I notice that i am doing the same thing multiple time, just with slightly different values:
HCCtreshold <- 40000
claimsMonthly[, HCC12mnth := +(HCCtreshold < claim12month)][ HCC12mnth == 1, `:=` (aboveHCCth12mnth = (claim12month - HCCtreshold))][is.na(aboveHCCth12mnth),aboveHCCth12mnth := 0]
claimsMonthly[, HCC11mnth := +(HCCtreshold < claim11month)][ HCC11mnth == 1, `:=` (aboveHCCth11mnth = (claim11month - HCCtreshold))][is.na(aboveHCCth11mnth),aboveHCCth11mnth := 0]
claimsMonthly[, HCC10mnth := +(HCCtreshold < claim10month)][ HCC10mnth == 1, `:=` (aboveHCCth10mnth = (claim10month - HCCtreshold))][is.na(aboveHCCth10mnth),aboveHCCth10mnth := 0]
So started with something like this:
k <- seq.default(from = 8, to = 12, by = 1)

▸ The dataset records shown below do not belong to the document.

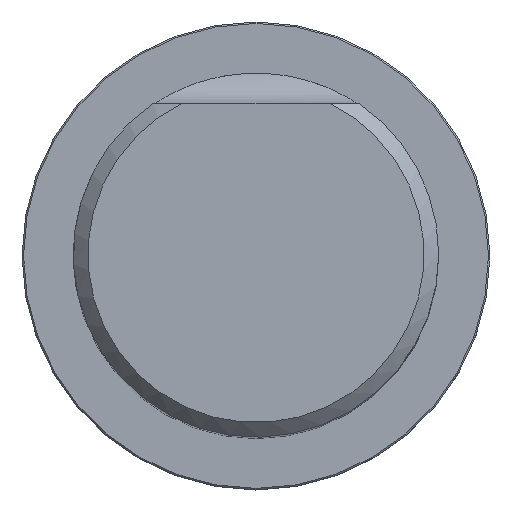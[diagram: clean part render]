
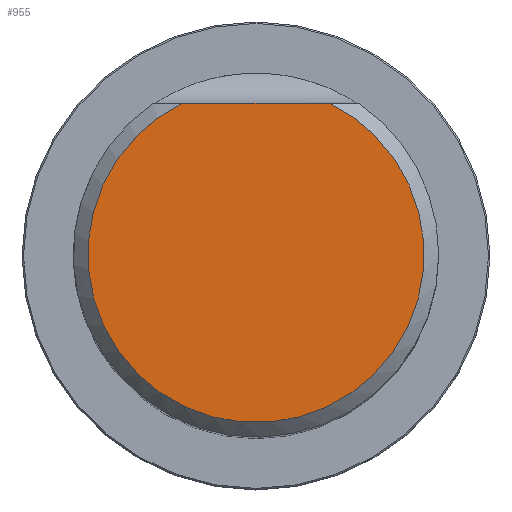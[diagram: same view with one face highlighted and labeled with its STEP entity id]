
A CAD part, top view. The second image highlights one B-rep face of the part: STEP entity #955.
In plain terms, the highlighted planar face has unit normal (0, 0, 1).
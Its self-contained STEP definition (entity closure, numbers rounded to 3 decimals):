
#286=PLANE('',#4976);
#426=LINE('',#7210,#664);
#664=VECTOR('',#5583,1.);
#955=ADVANCED_FACE('CU_SU_1',(#1288),#286,.T.);
#1288=FACE_OUTER_BOUND('',#1526,.T.);
#1526=EDGE_LOOP('',(#2238,#2239));
#1947=CIRCLE('',#4975,11.497);
#2238=ORIENTED_EDGE('',*,*,#4004,.F.);
#2239=ORIENTED_EDGE('',*,*,#4005,.F.);
#3519=VERTEX_POINT('',#7208);
#3520=VERTEX_POINT('',#7209);
#4004=EDGE_CURVE('',#3519,#3520,#1947,.T.);
#4005=EDGE_CURVE('',#3520,#3519,#426,.T.);
#4975=AXIS2_PLACEMENT_3D('',#7207,#5581,#5582);
#4976=AXIS2_PLACEMENT_3D('',#7211,#5584,#5585);
#5581=DIRECTION('',(0.,0.,-1.));
#5582=DIRECTION('',(1.,0.,0.));
#5583=DIRECTION('',(1.,0.,0.));
#5584=DIRECTION('',(0.,0.,1.));
#5585=DIRECTION('',(1.,0.,0.));
#7207=CARTESIAN_POINT('',(0.,0.,56.));
#7208=CARTESIAN_POINT('',(4.999,10.353,56.));
#7209=CARTESIAN_POINT('',(-4.999,10.353,56.));
#7210=CARTESIAN_POINT('',(-50.,10.353,56.));
#7211=CARTESIAN_POINT('',(0.,0.,56.));

claimsMonthly[paste0("HCC", k, "mnth") := lapply(k, function(x) (+(HCCtreshold < paste0("HCC", k, "mnth"))))]
i get an error:
Error: Check that is.data.table(DT) == TRUE. Otherwise, := and `:=`(...) are defined for use in j, once only and in particular ways. See help(":=").
I also tried:
for(k in 8:12){
claimsMonthly[, paste0("HCC", k, "mnth") := +(HCCtreshold < paste0("HCC", k, "mnth"))]
}
the columns are created correctly, but i get incorrect values inside them. I get an 1 everywhere
I am not sure what i am doing wrong?
I can offer some suggestions and, with some fake data, try them out.
You can programmatically define names on the left-hand side of := if you wrap a vector in c(...), so for instance DT[ c(vec_of_names) := list(some, values)].

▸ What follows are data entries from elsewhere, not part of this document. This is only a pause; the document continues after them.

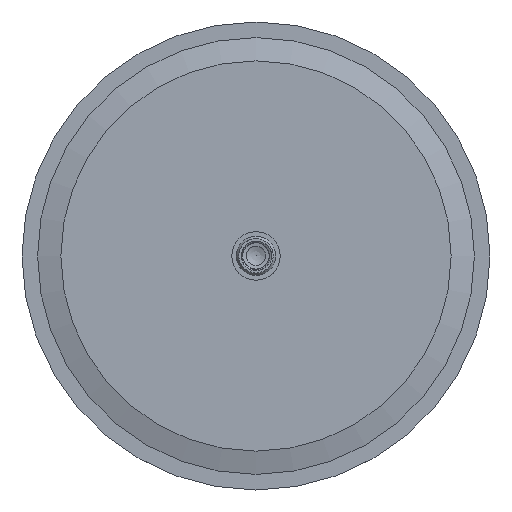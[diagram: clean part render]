
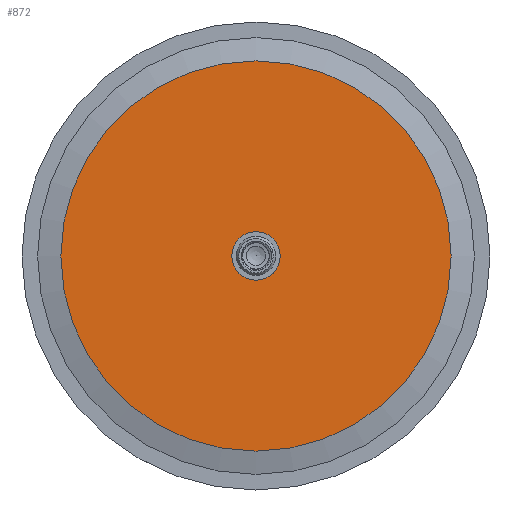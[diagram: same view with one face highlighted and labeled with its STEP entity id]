
A CAD part, top view. The second image highlights one B-rep face of the part: STEP entity #872.
In plain terms, the highlighted planar face has unit normal (0, 0, 1).
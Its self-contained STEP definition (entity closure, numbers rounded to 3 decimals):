
#872=ADVANCED_FACE('',(#1725,#2027),#1078,.F.);
#1078=PLANE('',#6345);
#1725=FACE_BOUND('',#2956,.T.);
#2027=FACE_OUTER_BOUND('',#2957,.T.);
#2956=EDGE_LOOP('',(#3909));
#2957=EDGE_LOOP('',(#3910));
#3909=ORIENTED_EDGE('',*,*,#4921,.T.);
#3910=ORIENTED_EDGE('',*,*,#4920,.F.);
#4432=VERTEX_POINT('',#9653);
#4433=VERTEX_POINT('',#9656);
#4920=EDGE_CURVE('',#4432,#4432,#5411,.T.);
#4921=EDGE_CURVE('',#4433,#4433,#5412,.T.);
#5411=CIRCLE('',#6342,125.072);
#5412=CIRCLE('',#6344,15.5);
#6342=AXIS2_PLACEMENT_3D('',#9652,#8209,#8210);
#6344=AXIS2_PLACEMENT_3D('',#9655,#8213,#8214);
#6345=AXIS2_PLACEMENT_3D('',#9657,#8215,#8216);
#8209=DIRECTION('',(0.,0.,-1.));
#8210=DIRECTION('',(-1.,0.,0.));
#8213=DIRECTION('',(0.,0.,-1.));
#8214=DIRECTION('',(1.,0.,0.));
#8215=DIRECTION('',(0.,0.,-1.));
#8216=DIRECTION('',(-1.,0.,0.));
#9652=CARTESIAN_POINT('',(0.,0.,7.));
#9653=CARTESIAN_POINT('',(-125.072,0.,7.));
#9655=CARTESIAN_POINT('',(0.,0.,7.));
#9656=CARTESIAN_POINT('',(15.5,0.,7.));
#9657=CARTESIAN_POINT('',(0.,0.,7.));

You can programmatically retrieve values of variables with a vector of variable names and mget. While I generally think mget can indicate problematic code, I believe that in here it works with low risk. (While mget and get normally retrieve variables from the operating environment, often .GlobalEnv, from within a data.table operation then retrieve columns just as easily.)
Instead of a double-tap of assignment with == 1 and then is.na(...), we can use some logical trickery and the data.table::fcoalesce function. (If you aren't familiar, fcoalesce operates like SQL's coalesce function which is a vector-friendly way of finding the first non-NA value in arguments of vectors.

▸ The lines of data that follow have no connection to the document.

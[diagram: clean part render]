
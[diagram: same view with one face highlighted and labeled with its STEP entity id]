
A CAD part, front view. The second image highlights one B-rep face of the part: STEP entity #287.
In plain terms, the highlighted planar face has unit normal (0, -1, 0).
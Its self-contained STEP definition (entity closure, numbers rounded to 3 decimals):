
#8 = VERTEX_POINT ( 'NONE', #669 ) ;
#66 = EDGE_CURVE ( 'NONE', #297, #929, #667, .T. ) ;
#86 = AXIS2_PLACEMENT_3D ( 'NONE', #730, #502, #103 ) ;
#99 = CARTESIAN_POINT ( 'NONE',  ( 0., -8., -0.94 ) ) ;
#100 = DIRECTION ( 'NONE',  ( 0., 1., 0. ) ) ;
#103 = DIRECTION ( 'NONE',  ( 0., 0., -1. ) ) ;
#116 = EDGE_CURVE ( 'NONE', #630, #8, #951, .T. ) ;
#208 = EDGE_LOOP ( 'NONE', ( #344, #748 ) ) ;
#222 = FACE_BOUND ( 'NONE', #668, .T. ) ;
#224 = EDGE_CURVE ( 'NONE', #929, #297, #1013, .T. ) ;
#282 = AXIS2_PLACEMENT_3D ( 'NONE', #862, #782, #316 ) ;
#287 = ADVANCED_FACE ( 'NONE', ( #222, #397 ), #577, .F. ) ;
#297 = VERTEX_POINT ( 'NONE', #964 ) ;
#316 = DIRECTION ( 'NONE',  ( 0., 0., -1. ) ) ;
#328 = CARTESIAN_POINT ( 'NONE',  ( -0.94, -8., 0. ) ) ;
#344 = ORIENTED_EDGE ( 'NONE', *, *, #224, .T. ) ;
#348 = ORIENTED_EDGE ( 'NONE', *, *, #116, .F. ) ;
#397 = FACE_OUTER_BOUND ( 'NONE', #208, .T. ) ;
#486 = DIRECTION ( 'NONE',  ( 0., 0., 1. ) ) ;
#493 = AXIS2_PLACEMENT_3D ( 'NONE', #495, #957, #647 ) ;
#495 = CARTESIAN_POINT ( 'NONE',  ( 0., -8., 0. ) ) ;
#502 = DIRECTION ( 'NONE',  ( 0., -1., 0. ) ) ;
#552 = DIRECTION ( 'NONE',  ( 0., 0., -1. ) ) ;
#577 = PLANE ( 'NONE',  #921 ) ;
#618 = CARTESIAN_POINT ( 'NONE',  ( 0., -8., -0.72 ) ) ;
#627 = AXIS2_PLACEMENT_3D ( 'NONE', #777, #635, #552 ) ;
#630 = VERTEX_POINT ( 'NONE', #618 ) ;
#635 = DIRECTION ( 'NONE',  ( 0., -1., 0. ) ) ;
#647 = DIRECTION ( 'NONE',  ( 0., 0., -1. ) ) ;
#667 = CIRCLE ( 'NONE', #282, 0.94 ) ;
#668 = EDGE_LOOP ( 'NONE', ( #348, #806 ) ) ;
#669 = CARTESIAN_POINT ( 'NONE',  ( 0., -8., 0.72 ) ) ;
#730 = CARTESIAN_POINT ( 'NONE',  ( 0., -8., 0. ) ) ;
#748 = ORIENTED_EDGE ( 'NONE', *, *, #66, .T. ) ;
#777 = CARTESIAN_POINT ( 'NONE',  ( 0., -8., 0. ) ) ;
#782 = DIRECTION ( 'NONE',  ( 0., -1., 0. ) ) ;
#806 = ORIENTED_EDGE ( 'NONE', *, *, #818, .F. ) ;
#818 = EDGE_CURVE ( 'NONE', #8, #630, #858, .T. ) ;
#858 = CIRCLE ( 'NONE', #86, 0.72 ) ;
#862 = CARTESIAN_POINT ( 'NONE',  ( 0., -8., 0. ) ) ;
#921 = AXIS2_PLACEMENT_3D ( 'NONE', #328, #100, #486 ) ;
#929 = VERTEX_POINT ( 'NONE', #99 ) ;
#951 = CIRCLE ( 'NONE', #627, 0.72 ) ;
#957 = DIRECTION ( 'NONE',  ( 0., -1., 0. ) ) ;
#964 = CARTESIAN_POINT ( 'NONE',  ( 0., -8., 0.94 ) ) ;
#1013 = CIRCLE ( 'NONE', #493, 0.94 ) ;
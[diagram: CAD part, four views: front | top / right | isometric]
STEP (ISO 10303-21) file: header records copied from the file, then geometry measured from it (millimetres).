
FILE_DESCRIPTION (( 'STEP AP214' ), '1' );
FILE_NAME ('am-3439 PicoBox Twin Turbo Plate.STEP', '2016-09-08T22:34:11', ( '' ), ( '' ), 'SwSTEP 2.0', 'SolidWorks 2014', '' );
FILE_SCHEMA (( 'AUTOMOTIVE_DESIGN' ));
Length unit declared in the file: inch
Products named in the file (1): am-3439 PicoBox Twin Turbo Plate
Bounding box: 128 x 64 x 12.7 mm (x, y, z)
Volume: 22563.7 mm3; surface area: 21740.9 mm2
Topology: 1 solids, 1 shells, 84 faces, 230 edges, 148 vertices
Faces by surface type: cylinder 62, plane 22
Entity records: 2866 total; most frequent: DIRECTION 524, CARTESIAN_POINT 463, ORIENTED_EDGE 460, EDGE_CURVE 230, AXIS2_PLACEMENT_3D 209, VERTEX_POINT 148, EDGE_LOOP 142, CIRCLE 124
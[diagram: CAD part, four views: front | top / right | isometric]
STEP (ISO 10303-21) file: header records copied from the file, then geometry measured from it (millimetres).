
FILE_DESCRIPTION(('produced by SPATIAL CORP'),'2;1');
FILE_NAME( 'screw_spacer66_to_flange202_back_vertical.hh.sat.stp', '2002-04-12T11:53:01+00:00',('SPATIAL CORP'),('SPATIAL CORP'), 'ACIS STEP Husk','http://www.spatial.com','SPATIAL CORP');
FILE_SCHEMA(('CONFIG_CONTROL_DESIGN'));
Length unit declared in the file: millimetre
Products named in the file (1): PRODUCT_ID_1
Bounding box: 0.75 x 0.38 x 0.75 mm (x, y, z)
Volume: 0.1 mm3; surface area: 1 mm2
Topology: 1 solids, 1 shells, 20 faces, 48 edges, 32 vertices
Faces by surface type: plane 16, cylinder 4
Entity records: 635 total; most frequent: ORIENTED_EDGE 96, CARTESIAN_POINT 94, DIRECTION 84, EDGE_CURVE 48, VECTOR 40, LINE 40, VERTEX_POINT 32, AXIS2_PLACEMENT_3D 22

fcoalesce(c(1, 2, NA, NA), c(11, 12, 13, NA), c(21, 22, 23, 24))
# [1] 1 2 13 24
We can use fcoalesce(some + math * calc, 0) to do the math and, if NA, replace it with 0. (We use it on the above* variables below, and not necessarily on the HCC* logical variables. It can apply there too, if desired. If those HCC* variables are throw-away, though, it just doesn't matter.)
Fake data:
library(data.table)
set.seed(42)
hccthreshold <- 50
dat <- data.table( claim10month = sample(99, 10), claim11month = sample(99, 10), claim12month = sample(99, 10) )
dat$claim11month[5] <- NA
dat
# claim10month claim11month claim12month
# 1: 91 46 90
# 2: 92 71 14
# 3: 28 91 96
# 4: 80 25 91
# 5: 61 NA 8
# 6: 49 89 49
# 7: 69 97 37
# 8: 13 11 84
# 9: 60 95 41
# 10: 64 51 76
First, let's programmatically determine the column names we want to act on, and from then create the same vectors for the new variables. (I'm a big fan of determining and adapting these variable names programmatically, so that if you get a partial data set your code still works. You might consider setting checks and alarms to catch something wrong. For instance, stopifnot(length(claimnames) == 12L), in case you are expecting to always have precisely 12 months.)
claimnames <- grep("^claim[0-9]+month", colnames(dat), value = TRUE)
hccnames <- gsub("^claim", "HCC", claimnames)
abovenames <- gsub("^claim", "aboveHCC", claimnames)
claimnames
# [1] "claim10month" "claim11month" "claim12month"
hccnames
# [1] "HCC10month" "HCC11month" "HCC12month"
abovenames
# [1] "aboveHCC10month" "aboveHCC11month" "aboveHCC12month"
And now, we can process the data.
dat[, c(hccnames) := lapply(mget(claimnames), `>`, hccthreshold) ]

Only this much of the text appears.